The ideas that I've sketched above work for tensors with more than two components, and you can apply them repeatedly in order to talk about double contractions and so forth. You can even contract different components of a single tensor against each other. For a rank two tensor, this self-contraction is called a trace -- in matrix terms, it can be thought of as a sum of the diagonal elements, or as a sum of eigenvalues. One advantage to a coordinate-free development of tensor ideas is that statements like the trace of a matrix is invariant under similarity transformations to the matrix become tautologies. Of course the trace doesn't depend on the coordinate system; you don't even need a choice of basis to define it! Beside taking traces, another common tensor operation is to raise or lower some index -- that is, change a tensor whose kth argument is in V into a tensor whose kth argument is in V*, or vice-versa. If V has a dot product, there's a natural way to achieve this transformation: the dot product is a rank two tensor on V times V, and raising and lowering indices just involves contracting with the this tensor. Or, if you prefer, you can use the dot product to define an isomorphism between V and V*, and raising or lowering the kth index just involves composing the tensor with this isomorphism in the kth argument.

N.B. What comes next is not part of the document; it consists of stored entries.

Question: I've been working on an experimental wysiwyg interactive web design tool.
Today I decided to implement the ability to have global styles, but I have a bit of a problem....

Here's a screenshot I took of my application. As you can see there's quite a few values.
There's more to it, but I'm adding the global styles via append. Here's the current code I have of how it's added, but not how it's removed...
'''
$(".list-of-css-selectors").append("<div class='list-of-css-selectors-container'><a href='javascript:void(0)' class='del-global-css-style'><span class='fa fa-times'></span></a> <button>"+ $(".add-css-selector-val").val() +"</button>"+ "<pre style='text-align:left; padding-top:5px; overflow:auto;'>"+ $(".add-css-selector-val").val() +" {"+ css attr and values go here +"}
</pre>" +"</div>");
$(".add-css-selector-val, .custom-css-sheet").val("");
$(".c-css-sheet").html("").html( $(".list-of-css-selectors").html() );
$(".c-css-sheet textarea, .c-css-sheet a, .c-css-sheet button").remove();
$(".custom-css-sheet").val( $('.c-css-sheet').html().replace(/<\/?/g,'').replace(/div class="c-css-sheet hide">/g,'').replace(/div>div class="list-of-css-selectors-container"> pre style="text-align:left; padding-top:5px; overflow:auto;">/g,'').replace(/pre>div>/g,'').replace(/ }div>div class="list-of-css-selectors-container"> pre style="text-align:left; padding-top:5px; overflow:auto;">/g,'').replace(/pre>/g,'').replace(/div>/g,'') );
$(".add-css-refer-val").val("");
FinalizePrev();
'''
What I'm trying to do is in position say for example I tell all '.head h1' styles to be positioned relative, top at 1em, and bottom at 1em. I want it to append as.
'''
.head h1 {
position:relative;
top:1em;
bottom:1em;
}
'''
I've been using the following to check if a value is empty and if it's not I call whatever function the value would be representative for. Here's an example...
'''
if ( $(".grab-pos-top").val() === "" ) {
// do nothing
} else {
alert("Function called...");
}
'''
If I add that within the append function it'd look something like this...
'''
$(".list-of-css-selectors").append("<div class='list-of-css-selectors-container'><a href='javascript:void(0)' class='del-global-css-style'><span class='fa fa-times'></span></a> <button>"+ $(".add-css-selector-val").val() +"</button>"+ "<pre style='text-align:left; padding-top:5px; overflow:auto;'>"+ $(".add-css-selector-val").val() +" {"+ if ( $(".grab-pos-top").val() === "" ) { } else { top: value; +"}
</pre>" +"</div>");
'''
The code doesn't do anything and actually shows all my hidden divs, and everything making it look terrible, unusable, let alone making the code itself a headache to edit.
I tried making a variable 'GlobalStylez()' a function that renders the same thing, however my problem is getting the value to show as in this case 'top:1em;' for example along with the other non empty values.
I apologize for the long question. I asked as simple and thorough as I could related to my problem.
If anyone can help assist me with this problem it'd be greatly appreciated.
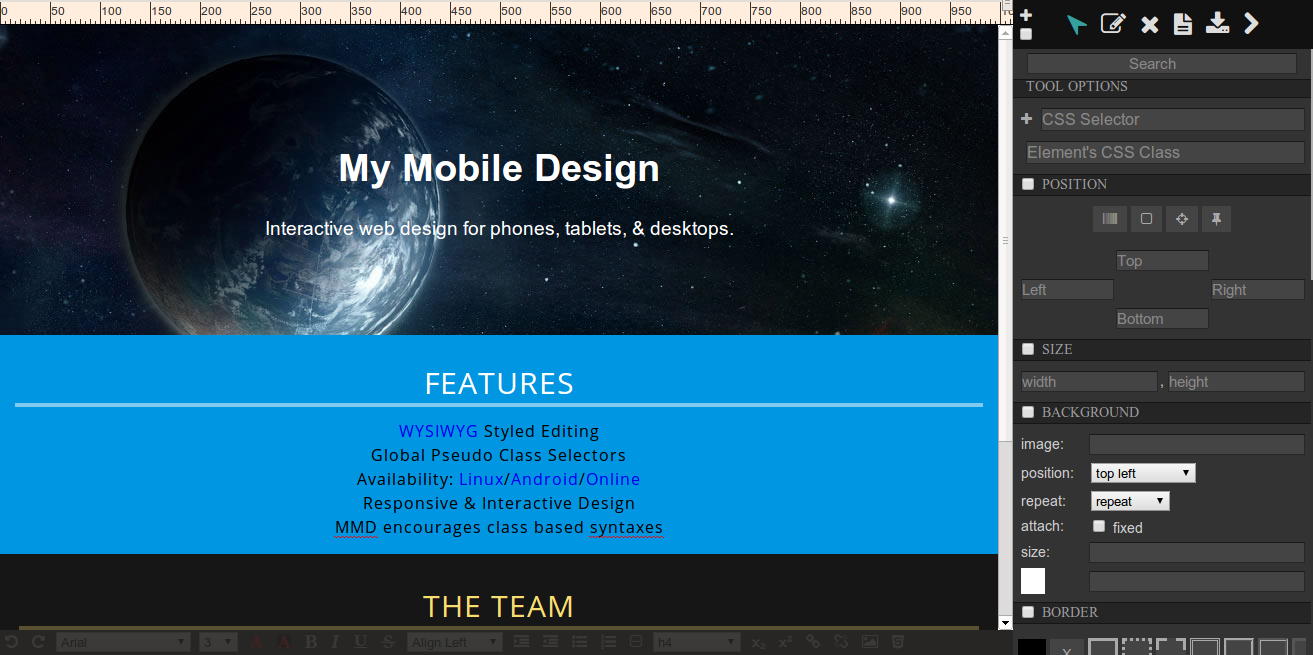
Answer: You need to use the conditional (aka ternary) operator:
'''
$(".list-of-css-selectors").append("<div class='list-of-css-selectors-container'><a href='javascript:void(0)' class='del-global-css-style'><span class='fa fa-times'></span></a> <button>"+ $(".add-css-selector-val").val() +"</button>"+ "<pre style='text-align:left; padding-top:5px; overflow:auto;'>"+ $(".add-css-selector-val").val() +" {"+ ( $(".grab-pos-top").val() === "" ? "" : "{ top:" + value + ";}
" ) + "</pre>
</div>");
'''

Isn't this fun? I could do it all day... and some days I do. And all this beautiful mess rests on a single idea: the idea of a dual space. The difficulty of tensor algebra is not that the basic idea is difficult: it's a deep idea, but ultimately not a complex idea. The real difficulty of tensor analysis is notation. We usually write from left to right, and we have a simple mental model of the notation for function evaluation: inputs come in on the right, and go out on the left. If you're comfortable with linear algebraic notation, you might not even bother with any special symbol to indicate that operations are composed: you might just write the composition of operators A and B as AB. We could draw a graph with arrows pointing from inputs to outputs, and it would form a straight line; for more complicated problems in which functions can have multiple inputs, it would form a tree (a parse tree for the expression, if you like). When we introduce the idea of duality, this mental picture gets confused: if I have a functional f and a vector v, should I draw an arrow to indicate that the vector is an input to the functional, or (using eval-at) should I draw an arrow to indicate that the functional is an input to the vector? When I introduce higher-rank tensors things get even more complicated. If I were to draw a graph to denote the flow of information in a general tensor contraction, I would not only have no idea which direction the arrows should point, but I would have to allow the arrows to form a topology much more general than a tree (if done in the obvious way).

So how do you actually compute with tensors, when it's so difficult to denote what's acting on what? You give labels to the arguments, and give rules for how the labels connect to each other. Usually this is done at the same time one chooses a basis: the result is indicial algebra, which is very natural for computation, but which hides the real nature of tensor algebra (and wreaks havoc on one's eyesight). Another way to denote how tensor contractions work is to draw a graph of how arguments are attached to each other by contraction; this approach gives you tensor diagrams. Perhaps unsurprisingly, I learned about tensor diagrams from a computer scientist, not a mechanician or a mathematician: if we can turn a problem into a graph operation, we probably will.

The other thing that I think causes immense confusion is that tensor algebra often is described only briefly as a first step to describing tensor calculus. That step, too, looks and sounds much more complicated than it really is. But this is a topic for another day.